BathtimeFunkster · 04/03/2015 18:38

Just make other plans for the 20th and don't bother celebrating with him.

If he's going to ditch you every time he gets a better offer, you might want to start considering what better offers are out there for you.

crazykat · 04/03/2015 18:47

I'd go ballistic if dh did this. For a one off event with mates like a big birthday, stag do then I'd still not be happy but could understand dh wanting to rearrange our night out, possibly. To want to cancel on you, again, for his mates isn't on and I'd be having a serious think about our relationship. It shows a basic lack of respect for both you and your relationship.

I'm not one for making ultimatums but I'd be asking him who's more important you or his mates.

In a way it's a no-win situation for you as if he goes out with mates you don't get your planned night out, if he goes out with you he'll likely be in a mood the whole night and may ruin the celebration.

Fairenuff · 04/03/2015 18:48

I do think you need a quiet, serious talk. He is thinking superficially, he is not thinking about the implied message - that he would rather spend time with his friends than with you. You need to find a way to show him how shockingly hurtful this is.

Once he can see that, I think he will feel differently and be keen to make it clear to you that he does value you more highly than his friends.

If he doesn't I would wonder how long this relationship can limp on.

Don't change your plans, just tell him, no, you are not prepared to rearrange and maybe you could use the time together to reconnect and think about how important you are to each other.

He is taking your actual physical presence for granted and that needs to change.

2fedup · 04/03/2015 18:52

This reply has been deleted

Message withdrawn at poster's request.

bigbluestars · 04/03/2015 18:53

I wouldn't go ballistic- but I would see how all this is stacking up.

Do you really want to be the second choice when it comes to nights out?

If this is part of a pattern I would be having some serious doubts about the relationship.

It is not worth insisting- either he values your company above that of his mates or he doesnt. It's not something you can force him to change his feelings on.

I want to be with a man who would drop everything to have a night out with me.

magoria · 04/03/2015 18:56

Listen to what he is telling you.

You are not as important as his mates.

He doesn't care if he upsets you and lets you down. In fact he will go out of his way to make it your fault.

He has done it before. He wants to do it now. He will do it again.

Fairenuff · 04/03/2015 19:55

How long have you been together?

DejaVuAllOverAgain · 04/03/2015 20:02

They've been together 3 years.

OP I have to agree with pp's. You come second to his mates. Do you really want to be in a relationship with someone who doesn't prioritise his relationship with you?

ilovesooty · 04/03/2015 20:06

It's not "a bloke thing"
It's just rude. Prior arrangements come first.

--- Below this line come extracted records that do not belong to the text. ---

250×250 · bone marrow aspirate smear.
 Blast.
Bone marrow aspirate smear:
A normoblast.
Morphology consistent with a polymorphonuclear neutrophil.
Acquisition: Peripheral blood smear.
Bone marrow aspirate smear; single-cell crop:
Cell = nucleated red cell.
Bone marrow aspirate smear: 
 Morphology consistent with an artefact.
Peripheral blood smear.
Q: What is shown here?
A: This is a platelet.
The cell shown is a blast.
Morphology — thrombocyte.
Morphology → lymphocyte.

gamerchick · 04/03/2015 20:16

Well it's spoilt going out that night now hasn't it? even if you go out together you'll know he would rather be with his mates and even rush through the night with you and go out after which will make you feel like rubbish.

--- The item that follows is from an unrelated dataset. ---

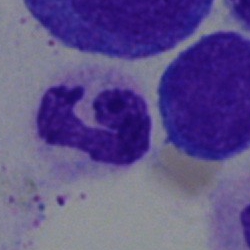 Bone marrow aspirate smear, single cell — segmented neutrophil.

I would find what hes doing rather hurtful and resentment would set in.

Morelikeguidelines · 04/03/2015 20:33

Agree with fairenuff - try the quiet chat first of all.

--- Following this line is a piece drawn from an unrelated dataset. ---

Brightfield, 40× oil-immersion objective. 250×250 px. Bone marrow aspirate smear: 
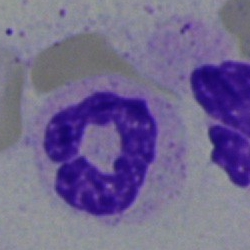

Morphological class: segmented neutrophil.

DamnProt · 04/03/2015 20:38

I didn't see it as you being less important, but it's generally easier to rearrange with one person, than several at the same time.

That said, this particular night has relevance to you, so I would expect him to tell his friends he is already busy.
If it was just a general night out for you, and there was a clash, I wouldn't make a fuss. But I am very laid back about such things, and secure in how my OH feels about me. I wouldn't take it as a reflection on his feelings for me. But if he was generally flaky, I would.